Histologic changes of vascular occlusive disease were identified frequently in eyes with cavernous degeneration. In most cases, there was no correlation between the degree of glaucomatous damage, in those cases in which glaucoma had been diagnosed, and the degree of cavernous degeneration. In no case was there a disruption of the glial surface of the optic disc to suggest retrodisplacement of vitreous or other material through the lamina cribrosa into the postlaminar optic nerve. The finding of large cavernous spaces filled with mucopolysaccharide is consistent with ischemic processes elsewhere in the central nervous system. The most common example is the “lacunae” associated with systemic hypertension. Ischemic damage in the central nervous system is not repaired with the production of extracellular materials, as is found in tissue outside the central nervous system.

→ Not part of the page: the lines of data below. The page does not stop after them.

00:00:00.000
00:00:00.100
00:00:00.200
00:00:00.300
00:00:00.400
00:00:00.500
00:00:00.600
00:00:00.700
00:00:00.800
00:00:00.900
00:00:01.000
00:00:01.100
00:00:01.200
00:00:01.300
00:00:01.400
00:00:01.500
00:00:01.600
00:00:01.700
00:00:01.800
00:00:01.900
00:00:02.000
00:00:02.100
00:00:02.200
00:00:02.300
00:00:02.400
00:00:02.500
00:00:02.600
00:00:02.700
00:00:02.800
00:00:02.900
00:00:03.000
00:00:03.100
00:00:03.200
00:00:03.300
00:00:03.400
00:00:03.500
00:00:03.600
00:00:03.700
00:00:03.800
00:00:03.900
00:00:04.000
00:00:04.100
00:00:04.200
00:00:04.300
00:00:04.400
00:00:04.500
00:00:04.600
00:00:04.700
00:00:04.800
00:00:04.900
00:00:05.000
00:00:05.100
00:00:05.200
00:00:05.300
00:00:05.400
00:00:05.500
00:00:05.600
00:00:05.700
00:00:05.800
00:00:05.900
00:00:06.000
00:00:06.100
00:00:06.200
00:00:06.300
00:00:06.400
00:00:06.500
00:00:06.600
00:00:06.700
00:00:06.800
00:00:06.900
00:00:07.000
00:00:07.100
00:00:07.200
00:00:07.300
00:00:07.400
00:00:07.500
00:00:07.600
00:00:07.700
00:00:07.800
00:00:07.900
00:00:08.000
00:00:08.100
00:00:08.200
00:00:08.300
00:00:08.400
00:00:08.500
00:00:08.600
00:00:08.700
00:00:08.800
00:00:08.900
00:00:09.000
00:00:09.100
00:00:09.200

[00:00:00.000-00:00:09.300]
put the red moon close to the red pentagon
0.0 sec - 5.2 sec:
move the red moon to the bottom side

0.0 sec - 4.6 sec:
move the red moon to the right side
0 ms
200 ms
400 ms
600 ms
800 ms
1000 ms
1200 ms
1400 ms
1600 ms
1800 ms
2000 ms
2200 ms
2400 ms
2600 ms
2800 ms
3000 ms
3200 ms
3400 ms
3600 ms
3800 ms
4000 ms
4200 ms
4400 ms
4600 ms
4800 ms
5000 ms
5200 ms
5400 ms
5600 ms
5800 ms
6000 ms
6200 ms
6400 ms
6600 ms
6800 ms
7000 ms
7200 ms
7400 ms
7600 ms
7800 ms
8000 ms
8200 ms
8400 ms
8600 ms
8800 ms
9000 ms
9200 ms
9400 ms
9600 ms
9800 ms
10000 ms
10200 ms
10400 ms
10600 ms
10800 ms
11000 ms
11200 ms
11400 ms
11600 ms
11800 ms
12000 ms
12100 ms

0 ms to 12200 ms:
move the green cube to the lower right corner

The clinical findings correlating with cavernous degeneration have always been elusive. In most cases, attention was drawn to those with prelaminar optic disc changes, assuming that the retrolaminar changes were causally related. Even in the index case described by Schnabel, the visual acuity was preserved at a level of 20/40, despite abnormalities of the optic nerve being present “to the chiasm.” It is possible that this process involves the macular fibers of central vision only late in the course of the disease. In this series, only a small number of patients had records of receiving ophthalmic care. Approximately half of the patients were diagnosed as having glaucoma. Several of the people seeking ophthalmic care had extensive visual loss. There was no specific reference to any unusual appearance of the optic disc out of proportion to the clinical degree of glaucoma or other pathologic change. Extensive cavernous degeneration was found in patients with and without the clinical diagnosis of chronic glaucoma. In those cases in which formal visual fields were available, only generalized, nonspecific constriction was found that was not explained by elevated intraocular pressure or intraocular vaso-occlusive disease.

Cavernous degeneration appears to remain a diagnosis used by the histopathologist for mucopolysaccharide-filled spaces in regions of axonal loss. Perhaps, with more sophisticated imaging, this process could be established antemortem. The likely cause of the pathologic process appears to be slowly progressive vascular occlusion independent of changes in the intraocular pressure.

Helmut Buettner, MD, of the Mayo Clinic, Rochester, Minn, translated the original work by I. Schnabel into English.